Atrial natriuretic peptide (ANP) is a cardiac endocrine with a role in lowering blood pressure by regulating the water–salt balance in the body (8, 9). Also ANP is widely accepted as the diagnostic, prognostic, and cost-effective biomarkers for acute coronary syndrome (ACS) in the clinic (10). Stretch stimulation was known to be the strongest factor for ANP secretion (11). The proposal of the gut–heart GLP-1R–ANP axis links GLP-1R to ANP, and GLP-1 can play an important role in the secretion and expression of ANP (10). There was a positive correlation between GLP-1 and ANP secretion in non-diabetic studies with Angiotensinogen II-induced hypertension (11, 12, 13). This is in contrast to patient data from our previous clinical investigation, in which measurements of ANP and GLP-1 in patients with ACS showed a decrease in GLP-1 but an increase in ANP content. Therefore, we investigated the regulatory effect of GLP-1R agonist liraglutide on ANP secretion in the rodent heart and its mechanism.
Materials and methods
Patient samples
We collected 1409 patients aged between 25 and 80 years who attended the affiliated hospital of Yanbian University between 2021 and 2022. Among them, by the principle of patient voluntariness, 163 blood samples were collected for the determination of relevant indicators. The patients who do not have any cardiovascular disease are assigned to the control group. The rest patients were divided into the acute non-ST-elevation myocardial infarction (NSTEMI) group, acute ST-elevation myocardial infarction (STEMI) group, and unstable angina (UA) group according to myocardial injury index and ECG characteristics.
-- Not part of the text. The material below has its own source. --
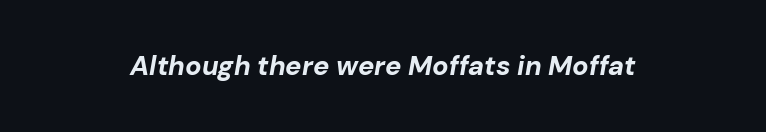
Q: Is the text bold? A: Yes.
Q: Is the text italic (slanted)? A: Yes, it leans right by about 10 degrees.
Q: Is the text underlined? A: No.
Q: Is the spacing between letters normal or unusually wide? A: Normal.

Written informed consent for publication of their details was obtained from the patients involved in the study. The study protocol was approved by the Ethics Committee of Yanbian University Hospital, Yanji, Jilin Province, China, and informed consent was obtained from all the patients or the family members of the patients before the study.
Animals
Sprague–Dawley (SD) rats (180 ± 40 g) and C57BL/6 wild-type (WT) mice (20 ± 5 g) were used, provided by the laboratory animal center of Yanbian University (License No. SCK (Ji)2003-0005) and Liaoning Changsheng Biotechnology Co., Ltd. (License No. SCXK (Liao)2020-0001). DPP-4 knockout mice (20 ± 5 g), purchased from Shanghai model organisms. DPP-4 inhibitors have been used in the treatment of type II diabetes mellitus (T2MD) to block the degradation and inactivation of GLP-1 (14). All animals, male and female, were kept in a clean, well-ventilated, and well-lighted environment with a temperature of 25–26℃ and a humidity of 70%. All animal experiments in this study were approved by the institutional animal protection and use committee of Yanbian University and followed the National Institutes of Health Guidelines for experimental animal protection.
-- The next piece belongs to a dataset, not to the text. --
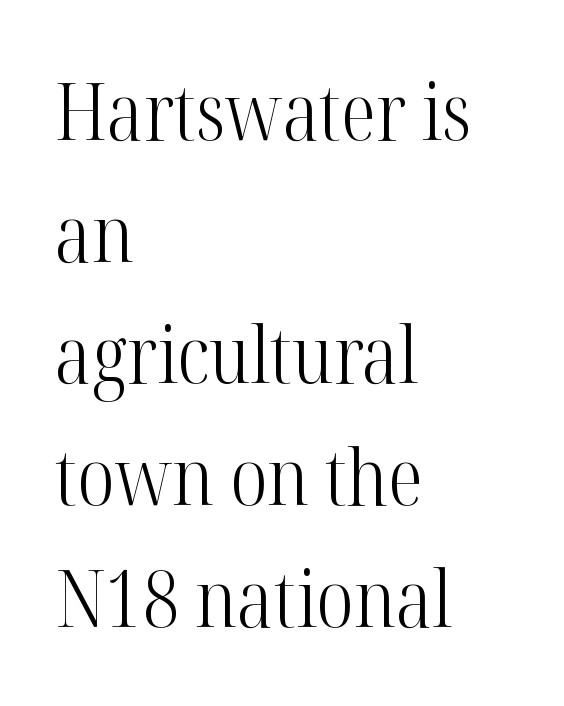
The image shows 79 px light, condensed serif type, upright; set left-aligned, normal line spacing (1.54x), normal letter spacing, not underlined; high stroke contrast and a medium x-height.
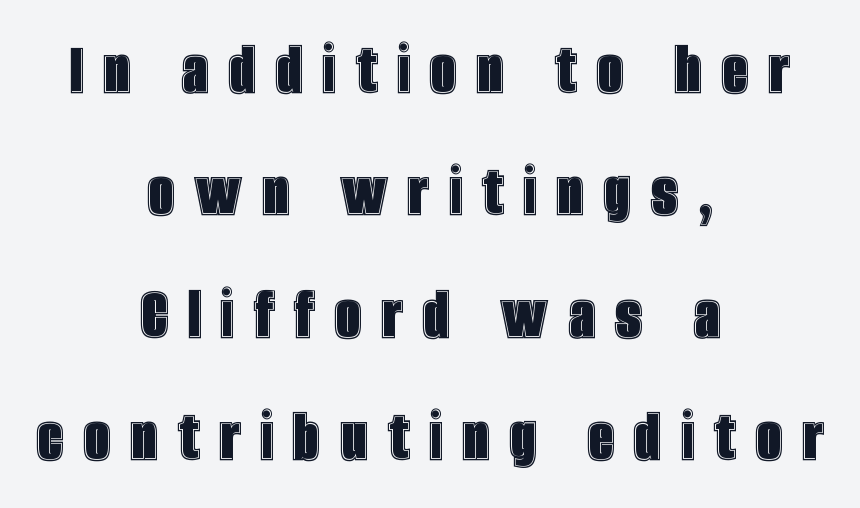
The baseline area is clear. A centered setting, common on invitations and titles, is used for this passage. Quick note: interline space is typical. Short note: letters widely spaced. The specimen reads as upright at a glance.

Preparation of a perfused beating rat atrium model ex vivo
SD rats were anesthetized i.p. with 0.4 mL/kg of 10% chloral hydrate. The left atrium of SD rats was fixed on a self-made device for atrial perfusion and placed in a glass culture dish containing 3 mL HEPES buffer. The left atrium of each rat was stimulated with electrical current (1.5 Hz, 0.3 ms, 30 V) and continuously supplied with oxygen at a temperature of 36℃. The HEPES buffer contained 118.0 NaCl, 4.7 KCl, 2.5 CaCl2, 1.2 MgCl2, 25.0 NaHCO3, 10.0 Glucose, 10.0 HEPES (pH 7.4 with NaOH), and 0.1% BSA (in units: mM).
Experimental protocols and treatment reagents
Rats were randomized into five different groups: (i) control (HEPES buffer); (ii) liraglutide (3.2 nmol/L, Novo Nordisk); (iii) Exendin9-39 (0.3 nmol/L, Sangon Biotech, Shanghai, China); (iv) LY294002 (10 μmol/L, Sigma); and (v) Exendin9-39 + liraglutide (Exendin9-39 0.3 nmol/L, liraglutide 3.2 nmol/L).
Experimental protocols
The left atrium was perfused according to five experimental groups (n = 6 for each group), as shown in Fig. 1. Every 10 min was an experimental cycle, and the peak value recorded in each cycle (10 min) was used as the atrial pulse pressure. Perfusion collected every three cycles (30 min) was stored at 4℃ for subsequent ANP measurement. At the end of the experiment, atrial tissue was removed and stored in liquid nitrogen for subsequent experiments.
Preparation of mouse in vivo model
C57BL/6 wild-type and knockout mice (of both sexes) were used. Mice were divided into four groups (n = 6 for each group): (i) WT; (ii) WT + liraglutide; (iii) DPP-4−/− (DPP-4 knockout mouse); and (iv) DPP-4−/− + liraglutide. Normal saline (30 μg/kg) and liraglutide (30 μg/kg) were injected into WT mouse and DPP-4−/− mouse by i.v., respectively, at same time every day for 14 days. After anesthesia with 0.2 L/min isoflurane, blood was inserted into the right ventricle and drawn into the ET tubes containing anticoagulants (10 μL EDTA and 20 μL aprotinin per ET anticoagulant tube) for subsequent ANP assays, the heart was immediately removed at −80°C for subsequent experiments.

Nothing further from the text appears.